Coinbase has struck a partnership with Standard Chartered to give its prime brokerage clients a smoother path between digital assets and traditional currencies. The deal, announced this week, lets institutions using Coinbase Prime deposit and withdraw fiat through the London-based bank — a sign that the exchange is trying to keep up with surging demand from the professional side of the market.
What the partnership covers
Under the arrangement, Standard Chartered will act as a settlement bank for Coinbase Prime’s fiat operations. That means institutional clients can move money in and out of the exchange without relying on the patchwork of smaller regional banks that crypto companies have traditionally used. The bank will handle payment rails for deposits and withdrawals in multiple currencies, though Coinbase didn’t specify which ones beyond saying it covers “major fiat currencies.”
For Coinbase, the move is partly about resilience. Crypto exchanges have struggled to maintain reliable banking relationships since the collapse of Silvergate and Signature Bank in 2023, and regulators have kept a close eye on any institution that touches digital assets. Standard Chartered’s global footprint — it operates in more than 50 markets — gives Coinbase a single, stable counterparty instead of a menu of local providers.
Why now
Institutions aren’t just dabbling anymore. They’re entering the crypto market at a pace the exchange says it hasn’t seen before. Hedge funds, asset managers and corporate treasuries are allocating bigger chunks of their portfolios to bitcoin and ether, and they expect the same frictionless fiat handling they get from traditional prime brokers. Coinbase’s own earnings calls this year have repeatedly highlighted institutional revenue as the fastest-growing segment.
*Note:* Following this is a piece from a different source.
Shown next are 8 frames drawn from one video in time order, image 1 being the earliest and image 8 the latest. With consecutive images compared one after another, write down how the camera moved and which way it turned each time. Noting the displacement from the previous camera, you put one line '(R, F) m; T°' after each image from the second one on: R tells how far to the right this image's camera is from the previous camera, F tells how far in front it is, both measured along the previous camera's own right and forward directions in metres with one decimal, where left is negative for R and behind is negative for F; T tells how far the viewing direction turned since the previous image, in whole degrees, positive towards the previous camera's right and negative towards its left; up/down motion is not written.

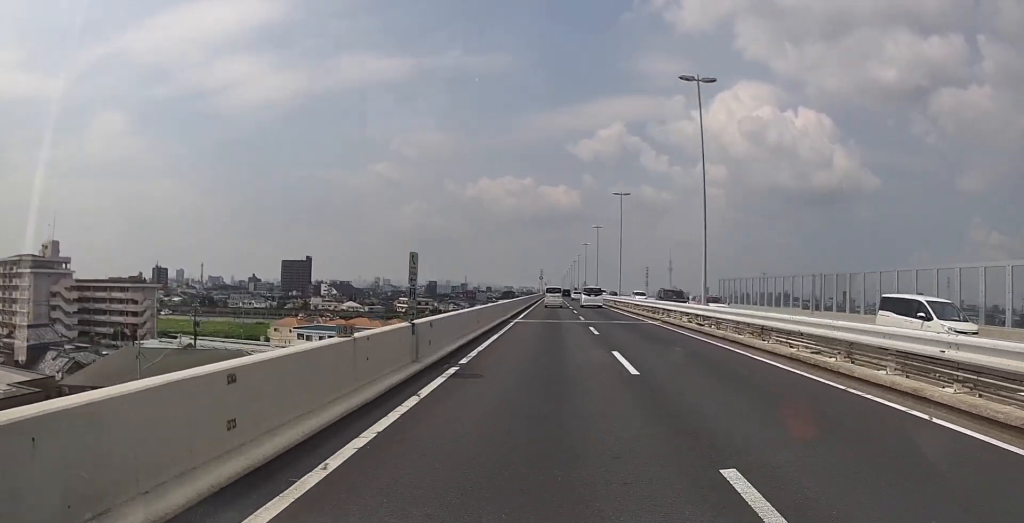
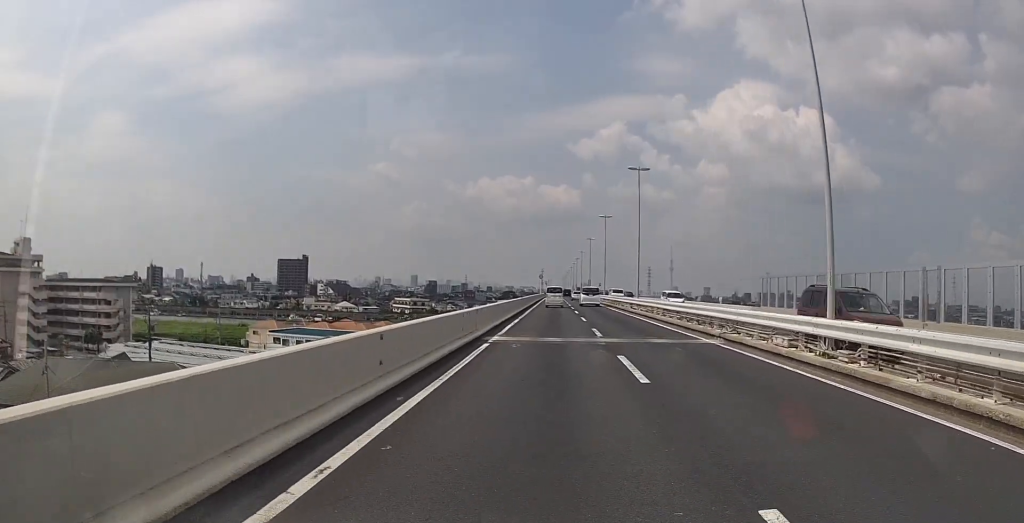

The timing isn’t accidental. Standard Chartered has been inching toward crypto for a while. It launched a digital-asset custody arm in 2025 and has signaled it wants to be a bridge between TradFi and the crypto economy. Partnering with the largest US exchange by trading volume gives the bank a ready-made client base without having to build its own retail or prime platform.
What this means for Coinbase Prime clients
For funds and firms already using Coinbase Prime, the change should be mostly invisible — faster settlement, fewer rejected wires, less time spent explaining to compliance officers where the money is going. The exchange says it will also reduce the number of intermediary accounts a client needs to open, which has been a pain point for international firms trying to fund accounts in multiple currencies.
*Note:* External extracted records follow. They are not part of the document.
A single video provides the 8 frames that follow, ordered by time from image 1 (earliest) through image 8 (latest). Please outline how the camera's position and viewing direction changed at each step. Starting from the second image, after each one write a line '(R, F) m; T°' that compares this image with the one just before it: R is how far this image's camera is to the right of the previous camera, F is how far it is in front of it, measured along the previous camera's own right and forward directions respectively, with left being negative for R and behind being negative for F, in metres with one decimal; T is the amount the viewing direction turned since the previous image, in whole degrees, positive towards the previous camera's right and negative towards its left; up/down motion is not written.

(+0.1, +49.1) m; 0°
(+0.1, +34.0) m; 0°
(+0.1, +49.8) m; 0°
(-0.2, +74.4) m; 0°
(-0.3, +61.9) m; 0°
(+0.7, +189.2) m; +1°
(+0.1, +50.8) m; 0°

Coinbase has been expanding its institutional toolkit all year. It added staking support for Solana in February, launched a segregated cold-storage option in March, and now this. The pattern is clear: the company is betting that the next wave of crypto growth will come from professional money, not retail day traders. Standard Chartered gives it the banking backbone to support that bet.
The regulatory backdrop
None of this happens in a vacuum. US regulators have been sending mixed signals about crypto throughout 2026 — the SEC has a handful of enforcement actions still pending, while the CFTC has pushed for clearer commodity classifications. A partnership with a globally regulated bank like Standard Chartered helps Coinbase argue that it’s playing by the rules. It also puts the bank in the position of vetting Coinbase’s compliance processes, which could ease concerns from pension funds and endowments that have stayed on the sidelines.
Standard Chartered will handle know-your-customer and anti-money laundering checks on the fiat side, something the bank already does for its own corporate clients. That doesn’t exempt Coinbase from its own obligations, but it creates a shared compliance layer that regulators tend to prefer over a crypto-native setup.
Neither company has said when the service will go live. Coinbase says it will roll out “in phases” starting in the third quarter of this year. The first phase is expected to cover US dollar and euro transfers, with additional currencies added later.